US President Donald Trump has pardoned Bahamas-based billionaire Joe Lewis, who pleaded guilty to insider trading in the US last year over disclosures relating to companies in which he held board seats, including Wagyu beef producer the Australian Agricultural Co.
Eighty-eight year old Mr Lewis last year pleaded guilty to insider trading, however a US Federal judge decided against a jail sentence, in part because of his age.

Joe Lewis
A White House official on Thursday said Mr Lewis had “requested a pardon so that he may receive medical treatment and visit his grandchildren and great-grandchildren in the United States,” the Financial Times reported.
The official said Mr Lewis, a UK citizen living in the Bahamas, admitted he made a terrible mistake, did not fight extradition in the case, and paid a US$5 million fine.”

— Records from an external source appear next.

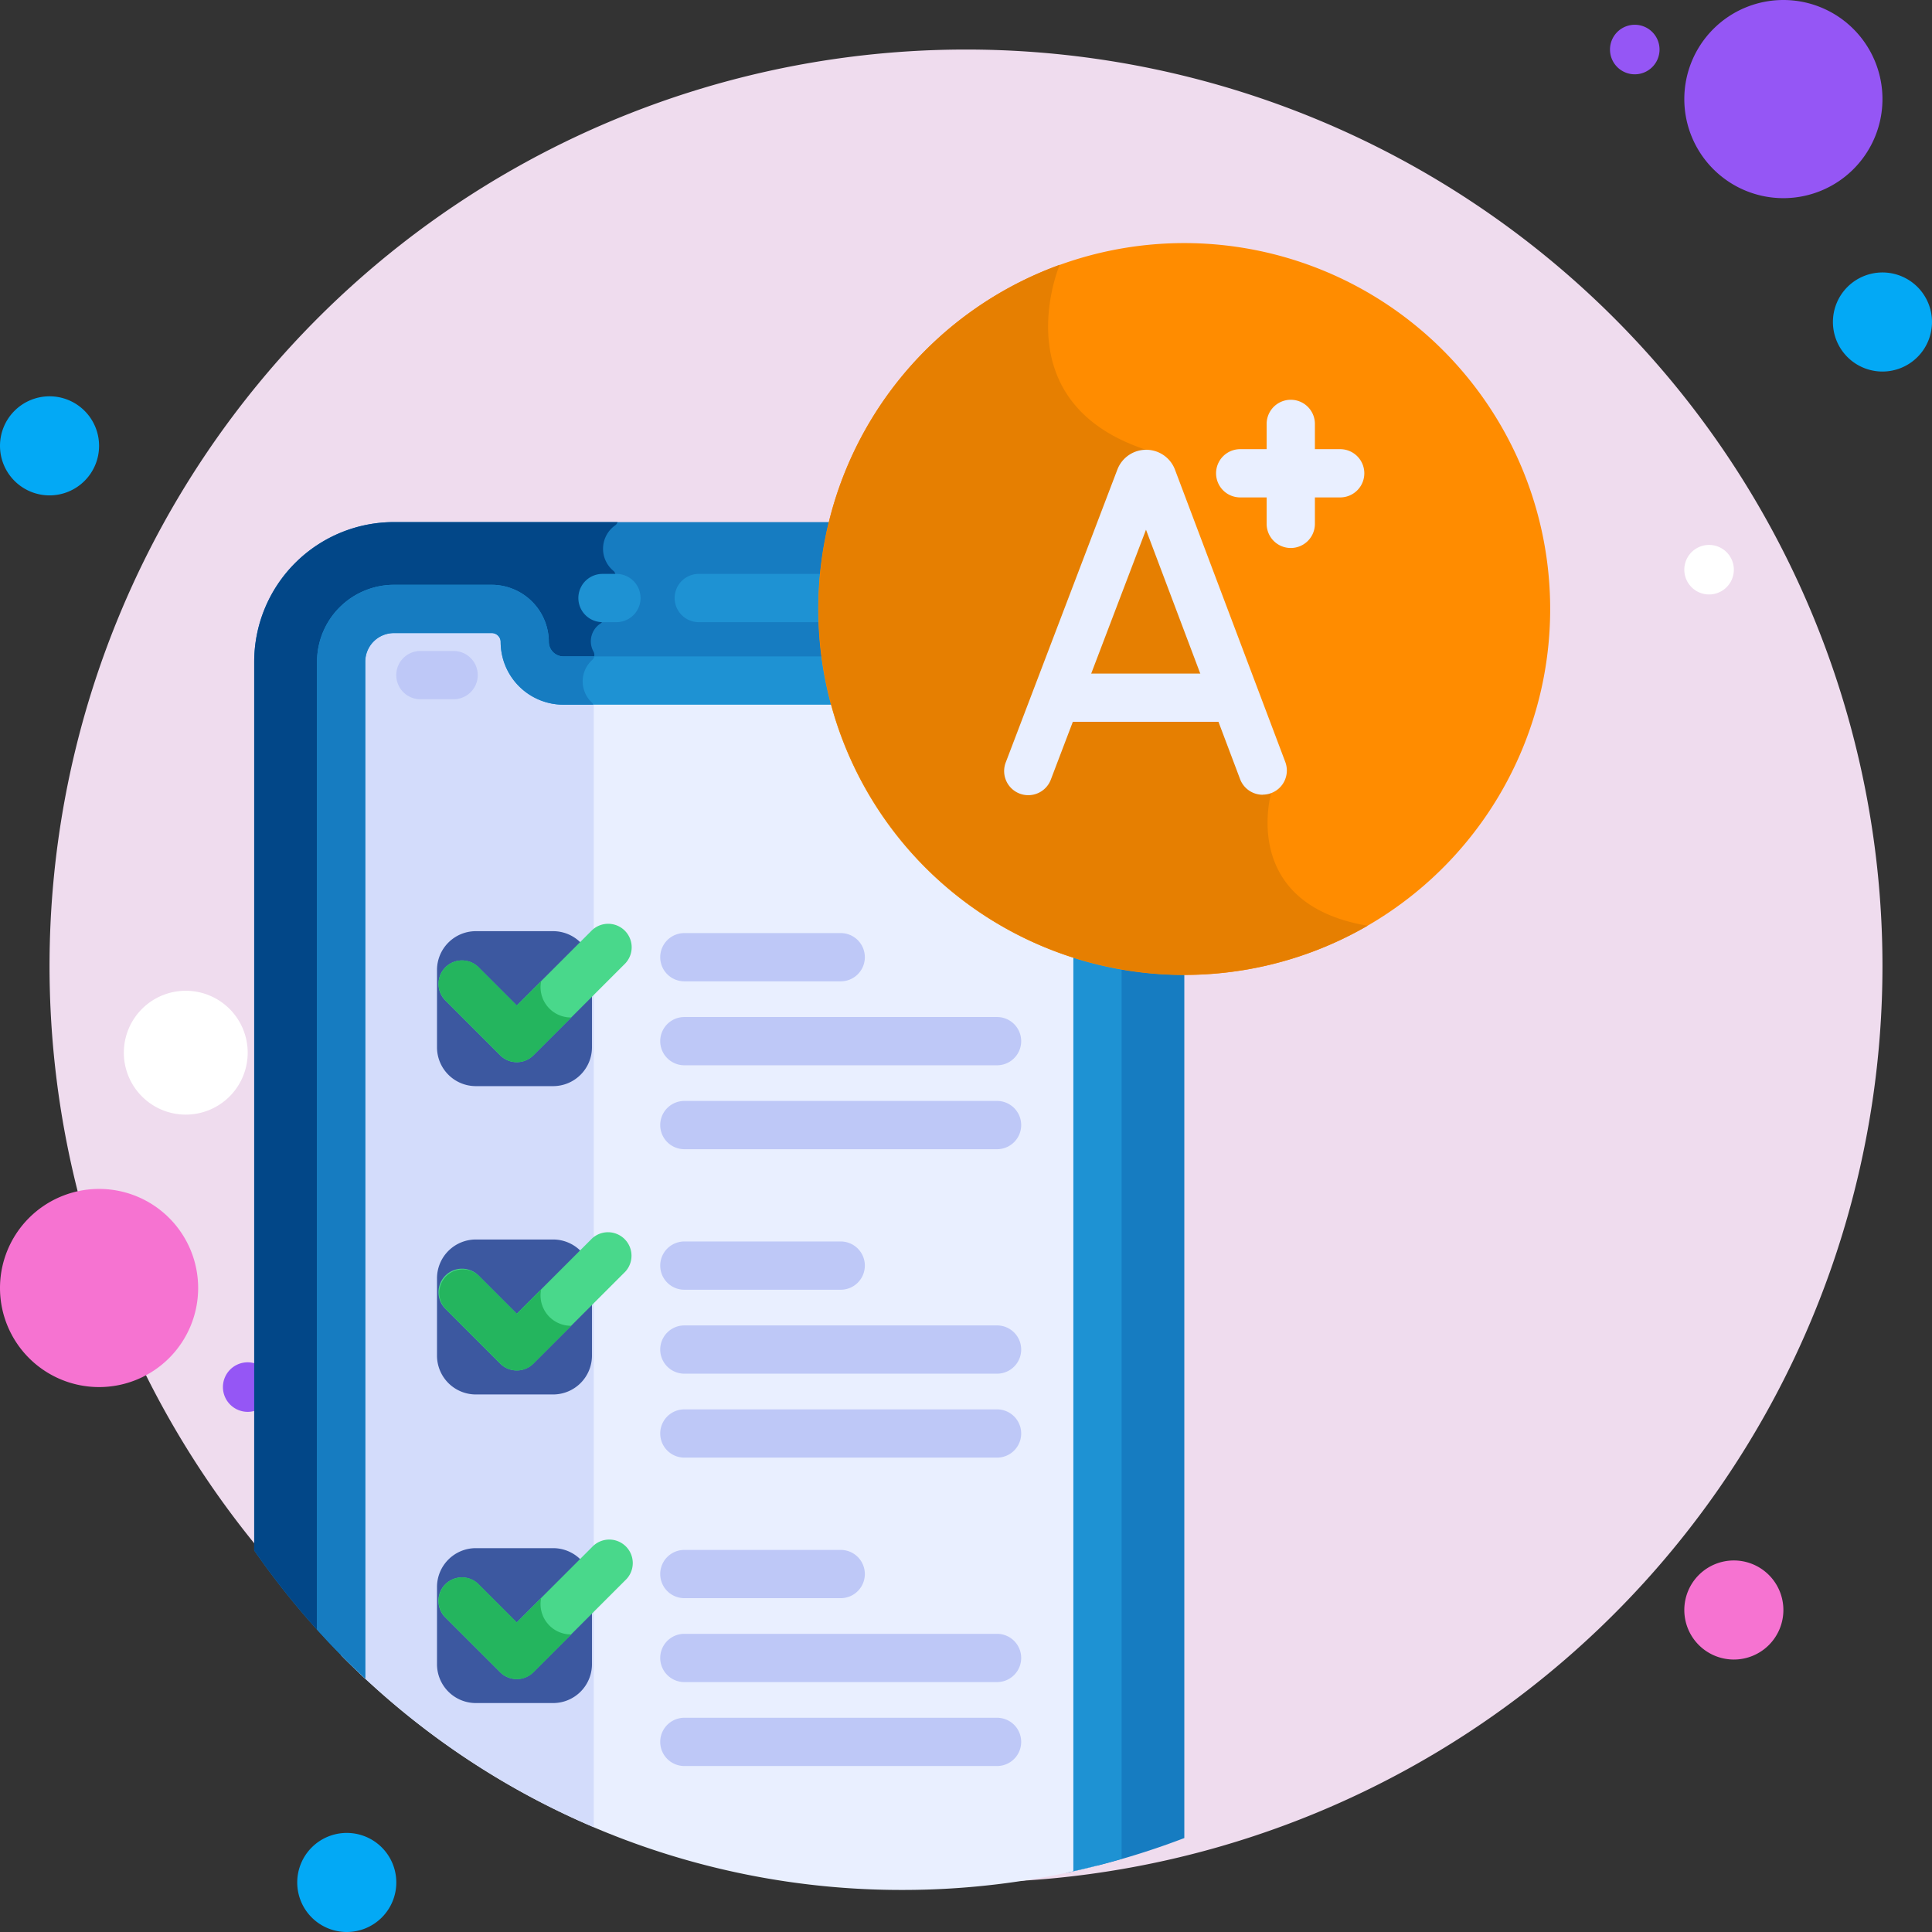 <svg xmlns="http://www.w3.org/2000/svg" width="78" height="78" viewBox="0 0 78 78">
  <rect x="0" y="0" width="78" height="78" fill="#333333" stroke="none"/>
  <g id="Group_17248" data-name="Group 17248" transform="translate(-3107 508)">
    <g id="icons8-bookmark" transform="translate(3096 -519)">
      <path id="Path_1249" data-name="Path 1249" d="M13,27a2,2,0,1,0,2,2A2,2,0,0,0,13,27Z" fill="#03a9f5"/>
      <path id="Path_1250" data-name="Path 1250" d="M77,12a1,1,0,1,0,1,1A1,1,0,0,0,77,12Z" fill="#9556f5"/>
      <path id="Path_1251" data-name="Path 1251" d="M50,13A37,37,0,1,0,87,50,37,37,0,0,0,50,13Z" fill="#efdcee"/>
      <path id="Path_1252" data-name="Path 1252" d="M83,11a4,4,0,1,0,4,4A4,4,0,0,0,83,11Z" fill="#9556f5"/>
      <path id="Path_1253" data-name="Path 1253" d="M87,22a2,2,0,1,0,2,2A2,2,0,0,0,87,22Z" fill="#03a9f5"/>
      <path id="Path_1254" data-name="Path 1254" d="M81,74a2,2,0,1,0,2,2A2,2,0,0,0,81,74ZM15,59a4,4,0,1,0,4,4A4,4,0,0,0,15,59Z" fill="#f673d1"/>
      <path id="Path_1255" data-name="Path 1255" d="M25,85a2,2,0,1,0,2,2A2,2,0,0,0,25,85Z" fill="#03a9f5"/>
      <path id="Path_1256" data-name="Path 1256" d="M18.5,51A2.5,2.5,0,1,0,21,53.5,2.5,2.5,0,0,0,18.5,51Z" fill="#fff"/>
      <path id="Path_1257" data-name="Path 1257" d="M21,66a1,1,0,1,0,1,1A1,1,0,0,0,21,66Z" fill="#9556f5"/>
      <path id="Path_1258" data-name="Path 1258" d="M80,33a1,1,0,1,0,1,1A1,1,0,0,0,80,33Z" fill="#fff"/>
    </g>
    <g id="Group_17247" data-name="Group 17247" transform="translate(-105.583 -150.671)">
      <path id="Path_1266" data-name="Path 1266" d="M42.814,21.995A31.818,31.818,0,0,0,16.653,71.922L54.2,83.528A31.821,31.821,0,0,0,42.814,21.995Z" transform="translate(3206.195 -366.656)" fill="rgba(192,229,228,0)"/>
      <path id="Path_1267" data-name="Path 1267" d="M77.514,90.269a14.562,14.562,0,0,1,.427-3.506H60.178A5.642,5.642,0,0,0,54.542,92.4v35.88a31.99,31.99,0,0,0,4.679,5.358l28.127,7.653a31.625,31.625,0,0,0,4.745-1.4V104.848A14.6,14.6,0,0,1,77.514,90.269Z" transform="translate(3168.304 -423.013)" fill="#167cc1"/>
      <path id="Path_1268" data-name="Path 1268" d="M59.223,133.637l9.285,2.526-.264-41.93a.287.287,0,0,0-.064-.175,1.167,1.167,0,0,1,.011-1.736A.275.275,0,0,0,68.245,92a.856.856,0,0,1,.285-1.147.275.275,0,0,0,.1-.146l.49-1.7a.276.276,0,0,0-.058-.262,1.157,1.157,0,0,1,.064-1.858.274.274,0,0,0,.086-.125H60.178A5.642,5.642,0,0,0,54.542,92.4v35.88A31.972,31.972,0,0,0,59.223,133.637Z" transform="translate(3168.304 -423.013)" fill="#024788"/>
      <g id="Group_17220" data-name="Group 17220" transform="translate(3235.933 -334.159)">
        <path id="Path_1269" data-name="Path 1269" d="M156.853,104.811h-.563a.974.974,0,1,1,0-1.948h.563a.974.974,0,1,1,0,1.948Z" transform="translate(-155.316 -102.863)" fill="#1e92d3"/>
      </g>
      <g id="Group_17222" data-name="Group 17222" transform="translate(3239.82 -334.159)">
        <g id="Group_17221" data-name="Group 17221">
          <path id="Path_1270" data-name="Path 1270" d="M191.627,104.811H186.22a.974.974,0,1,1,0-1.948h5.407a.974.974,0,1,1,0,1.948Z" transform="translate(-185.246 -102.863)" fill="#1e92d3"/>
        </g>
      </g>
      <path id="Path_1271" data-name="Path 1271" d="M104.2,165.479a31.879,31.879,0,0,0,7.882-.985v-36.58a14.628,14.628,0,0,1-10.784-11.26H90.513a1.563,1.563,0,0,1-1.558-1.558,1.333,1.333,0,0,0-1.333-1.333h-3.95a2.129,2.129,0,0,0-2.129,2.129V156A31.716,31.716,0,0,0,104.2,165.479Z" transform="translate(3144.811 -446.506)" fill="#e9efff"/>
      <path id="Path_1272" data-name="Path 1272" d="M90.512,116.655a1.563,1.563,0,0,1-1.558-1.558,1.333,1.333,0,0,0-1.333-1.333h-3.95a2.129,2.129,0,0,0-2.129,2.129V156a31.871,31.871,0,0,0,10.2,6.945v-46.29Z" transform="translate(3144.811 -446.507)" fill="#d3dcfb"/>
      <g id="Group_17223" data-name="Group 17223" transform="translate(3225.379 -333.718)">
        <path id="Path_1273" data-name="Path 1273" d="M75.99,150.42V109.366a1.157,1.157,0,0,1,1.155-1.155H81.1a.36.36,0,0,1,.359.359,2.535,2.535,0,0,0,2.532,2.532H95.419a.974.974,0,0,0,0-1.948H83.987a.592.592,0,0,1-.584-.584,2.31,2.31,0,0,0-2.307-2.307h-3.95a3.107,3.107,0,0,0-3.1,3.1v39.074Q74.973,149.472,75.99,150.42Z" transform="translate(-74.042 -106.263)" fill="#1e92d3"/>
        <path id="Path_1274" data-name="Path 1274" d="M311.143,211.21a.974.974,0,1,0-1.948,0v37.46q.986-.218,1.948-.5Z" transform="translate(-278.657 -196.734)" fill="#1e92d3"/>
      </g>
      <path id="Path_1275" data-name="Path 1275" d="M77.145,108.211H81.1a.36.36,0,0,1,.359.359,2.535,2.535,0,0,0,2.532,2.532h1.205a.3.3,0,0,0-.044-.077,1.167,1.167,0,0,1,.011-1.736.265.265,0,0,0,.075-.136H83.987a.592.592,0,0,1-.584-.584,2.31,2.31,0,0,0-2.307-2.307h-3.95a3.107,3.107,0,0,0-3.1,3.1v39.074q.931,1.032,1.948,1.979V109.366A1.157,1.157,0,0,1,77.145,108.211Z" transform="translate(3151.337 -439.981)" fill="#167cc1"/>
      <g id="Group_17224" data-name="Group 17224" transform="translate(3228.581 -331.047)">
        <path id="Path_1276" data-name="Path 1276" d="M101.017,128.78H99.675a.974.974,0,1,1,0-1.948h1.342a.974.974,0,1,1,0,1.948Z" transform="translate(-98.701 -126.832)" fill="#bec8f7"/>
      </g>
      <g id="Group_17225" data-name="Group 17225" transform="translate(3239.5 -353.631)">
        <path id="Path_1490" data-name="Path 1490" d="M14.774,0A14.774,14.774,0,1,1,0,14.774,14.774,14.774,0,0,1,14.774,0Z" transform="translate(0 20.89) rotate(-45)" fill="#ff8c00"/>
      </g>
      <path id="Path_1277" data-name="Path 1277" d="M248.212,28.1,243.16,14.24c-5.834-1.924-3.487-7.466-3.486-7.467a14.776,14.776,0,1,0,12.433,26.683C246.909,32.575,248.212,28.1,248.212,28.1Z" transform="translate(3015.691 -353.411)" fill="#e67f01"/>
      <g id="Group_17226" data-name="Group 17226" transform="translate(3239.238 -319.658)">
        <path id="Path_1278" data-name="Path 1278" d="M188.049,216.477h-6.313a.974.974,0,0,1,0-1.948h6.313a.974.974,0,1,1,0,1.948Z" transform="translate(-180.762 -214.529)" fill="#bec8f7"/>
      </g>
      <g id="Group_17227" data-name="Group 17227" transform="translate(3239.238 -316.269)">
        <path id="Path_1279" data-name="Path 1279" d="M194.36,242.57H181.735a.974.974,0,0,1,0-1.948H194.36a.974.974,0,0,1,0,1.948Z" transform="translate(-180.761 -240.622)" fill="#bec8f7"/>
      </g>
      <g id="Group_17228" data-name="Group 17228" transform="translate(3239.238 -312.881)">
        <path id="Path_1280" data-name="Path 1280" d="M194.36,268.665H181.735a.974.974,0,0,1,0-1.948H194.36a.974.974,0,0,1,0,1.948Z" transform="translate(-180.761 -266.717)" fill="#bec8f7"/>
      </g>
      <g id="Group_17229" data-name="Group 17229" transform="translate(3239.238 -307.207)">
        <path id="Path_1281" data-name="Path 1281" d="M188.049,312.357h-6.313a.974.974,0,1,1,0-1.948h6.313a.974.974,0,1,1,0,1.948Z" transform="translate(-180.762 -310.409)" fill="#bec8f7"/>
      </g>
      <g id="Group_17230" data-name="Group 17230" transform="translate(3239.238 -303.818)">
        <path id="Path_1282" data-name="Path 1282" d="M194.36,338.45H181.735a.974.974,0,1,1,0-1.948H194.36a.974.974,0,0,1,0,1.948Z" transform="translate(-180.761 -336.502)" fill="#bec8f7"/>
      </g>
      <g id="Group_17231" data-name="Group 17231" transform="translate(3239.238 -300.429)">
        <path id="Path_1283" data-name="Path 1283" d="M194.36,364.545H181.735a.974.974,0,1,1,0-1.948H194.36a.974.974,0,1,1,0,1.948Z" transform="translate(-180.761 -362.597)" fill="#bec8f7"/>
      </g>
      <g id="Group_17232" data-name="Group 17232" transform="translate(3239.238 -294.755)">
        <path id="Path_1284" data-name="Path 1284" d="M188.049,408.236h-6.313a.974.974,0,1,1,0-1.948h6.313a.974.974,0,1,1,0,1.948Z" transform="translate(-180.762 -406.288)" fill="#bec8f7"/>
      </g>
      <g id="Group_17233" data-name="Group 17233" transform="translate(3239.238 -291.367)">
        <path id="Path_1285" data-name="Path 1285" d="M194.36,434.33H181.735a.974.974,0,1,1,0-1.948H194.36a.974.974,0,1,1,0,1.948Z" transform="translate(-180.761 -432.382)" fill="#bec8f7"/>
      </g>
      <g id="Group_17234" data-name="Group 17234" transform="translate(3239.238 -287.978)">
        <path id="Path_1286" data-name="Path 1286" d="M194.36,460.425H181.735a.974.974,0,0,1,0-1.948H194.36a.974.974,0,0,1,0,1.948Z" transform="translate(-180.761 -458.477)" fill="#bec8f7"/>
      </g>
      <g id="Group_17237" data-name="Group 17237" transform="translate(3253.13 -339.171)">
        <g id="Group_17235" data-name="Group 17235">
          <path id="Path_1287" data-name="Path 1287" d="M298.17,78.2a.975.975,0,0,1-.911-.63L293.46,67.5l-3.835,10.069a.974.974,0,1,1-1.82-.693l4.5-11.807.009-.022a1.241,1.241,0,0,1,1.152-.774h0a1.241,1.241,0,0,1,1.152.772l.01.026,4.456,11.807a.975.975,0,0,1-.911,1.318Z" transform="translate(-287.74 -64.272)" fill="#e9efff"/>
        </g>
        <g id="Group_17236" data-name="Group 17236" transform="translate(1.403 9.035)">
          <path id="Path_1288" data-name="Path 1288" d="M306.189,135.794h-6.673a.974.974,0,1,1,0-1.948h6.673a.974.974,0,0,1,0,1.948Z" transform="translate(-298.542 -133.846)" fill="#e9efff"/>
        </g>
      </g>
      <g id="Group_17240" data-name="Group 17240" transform="translate(3261.679 -341.189)">
        <g id="Group_17238" data-name="Group 17238" transform="translate(2.042)">
          <path id="Path_1289" data-name="Path 1289" d="M370.265,54.716a.974.974,0,0,1-.974-.974V49.706a.974.974,0,1,1,1.948,0v4.036A.974.974,0,0,1,370.265,54.716Z" transform="translate(-369.291 -48.732)" fill="#e9efff"/>
        </g>
        <g id="Group_17239" data-name="Group 17239" transform="translate(0 1.994)">
          <path id="Path_1290" data-name="Path 1290" d="M358.576,66.036h-4.037a.974.974,0,0,1,0-1.948h4.037a.974.974,0,0,1,0,1.948Z" transform="translate(-353.565 -64.088)" fill="#e9efff"/>
        </g>
      </g>
      <path id="Path_1292" data-name="Path 1292" d="M116.06,220.2h-3.128a1.569,1.569,0,0,1-1.564-1.564v-3.128a1.569,1.569,0,0,1,1.564-1.564h3.128a1.569,1.569,0,0,1,1.564,1.564v3.128A1.569,1.569,0,0,1,116.06,220.2Z" transform="translate(3118.858 -533.679)" fill="#3c58a0"/>
      <g id="Group_17241" data-name="Group 17241" transform="translate(3230.286 -320.052)">
        <path id="Path_1293" data-name="Path 1293" d="M114.315,216.821l-2.212-2.212a.948.948,0,0,1,1.341-1.341l1.541,1.541,3.04-3.04a.949.949,0,0,1,1.341,1.342l-3.71,3.71A.949.949,0,0,1,114.315,216.821Z" transform="translate(-111.825 -211.492)" fill="#49d88b"/>
      </g>
      <g id="Group_17242" data-name="Group 17242" transform="translate(3230.286 -318.554)">
        <path id="Path_1294" data-name="Path 1294" d="M117.169,225.331a1.225,1.225,0,0,1-1.2-1.465l-.98.98-1.541-1.541a.948.948,0,0,0-1.341,1.341l2.212,2.212a.949.949,0,0,0,1.341,0l1.528-1.528Z" transform="translate(-111.825 -223.028)" fill="#24b55e"/>
      </g>
      <path id="Path_1295" data-name="Path 1295" d="M116.06,316.044h-3.128a1.569,1.569,0,0,1-1.564-1.564v-3.128a1.569,1.569,0,0,1,1.564-1.564h3.128a1.569,1.569,0,0,1,1.564,1.564v3.128A1.569,1.569,0,0,1,116.06,316.044Z" transform="translate(3118.858 -617.075)" fill="#3c58a0"/>
      <g id="Group_17243" data-name="Group 17243" transform="translate(3230.286 -307.606)">
        <path id="Path_1296" data-name="Path 1296" d="M114.315,312.664l-2.212-2.212a.948.948,0,1,1,1.341-1.341l1.541,1.541,3.04-3.04a.949.949,0,0,1,1.341,1.341l-3.71,3.71A.949.949,0,0,1,114.315,312.664Z" transform="translate(-111.825 -307.335)" fill="#49d88b"/>
      </g>
      <g id="Group_17244" data-name="Group 17244" transform="translate(3230.286 -306.107)">
        <path id="Path_1297" data-name="Path 1297" d="M117.169,321.176a1.225,1.225,0,0,1-1.2-1.465l-.98.98-1.541-1.541a.949.949,0,0,0-1.341,1.341l2.212,2.212a.949.949,0,0,0,1.341,0l1.528-1.528Z" transform="translate(-111.825 -318.873)" fill="#24b55e"/>
      </g>
      <path id="Path_1298" data-name="Path 1298" d="M116.06,412h-3.128a1.569,1.569,0,0,1-1.564-1.564V407.31a1.569,1.569,0,0,1,1.564-1.564h3.128a1.569,1.569,0,0,1,1.564,1.564v3.128A1.569,1.569,0,0,1,116.06,412Z" transform="translate(3118.858 -700.572)" fill="#3c58a0"/>
      <g id="Group_17245" data-name="Group 17245" transform="translate(3230.286 -295.144)">
        <path id="Path_1299" data-name="Path 1299" d="M114.315,408.622,112.1,406.41a.948.948,0,0,1,1.341-1.341l1.541,1.541,3.04-3.04a.949.949,0,1,1,1.341,1.341l-3.71,3.71A.949.949,0,0,1,114.315,408.622Z" transform="translate(-111.825 -403.293)" fill="#49d88b"/>
      </g>
      <g id="Group_17246" data-name="Group 17246" transform="translate(3230.286 -293.646)">
        <path id="Path_1300" data-name="Path 1300" d="M117.169,417.134a1.225,1.225,0,0,1-1.2-1.465l-.98.98-1.541-1.541a.948.948,0,1,0-1.341,1.341l2.212,2.212a.949.949,0,0,0,1.341,0l1.528-1.528Z" transform="translate(-111.825 -414.831)" fill="#24b55e"/>
      </g>
    </g>
  </g>
</svg>

Lewis was charged in New York in 2023 following an investigation in which he was found to have passed on information on company activity to personal assistants, a private pilot and an acquaintance. One of the episodes involved the Australian Agricultural Co’s operations in Australia, following devastating flooding across AA Co properties. Mr Lewis owns about 52pc of AA Co shares through his Tavistock Investments.
In 2019, he allegedly told his pilots and others about the financial losses that AA Co would incur as a result of flooding in Queensland and urged them to sell their investments in the company before the information was disclosed.
Prosecutors claimed the recipients of his information made more than half a million dollars by trading on the non-public information, to which Lewis had been privy through his board seats.
The move is the latest in a series of high-profile pardons by US president Donald Trump.
Click here to read Beef Central’s 2024 story about Joe Lewis’s guilty plea to insider trading charges.
Prosecutors at the time alleged that between 2013 and 2022, he abused his access to corporate board rooms and passed the insider information on to his contacts.
In court, Mr Lewis admitted he knew what he was doing was wrong.
“I am so embarrassed and I apologise to the court for my conduct,” he said.
- AA Co delivers its half-year financial results next Thursday.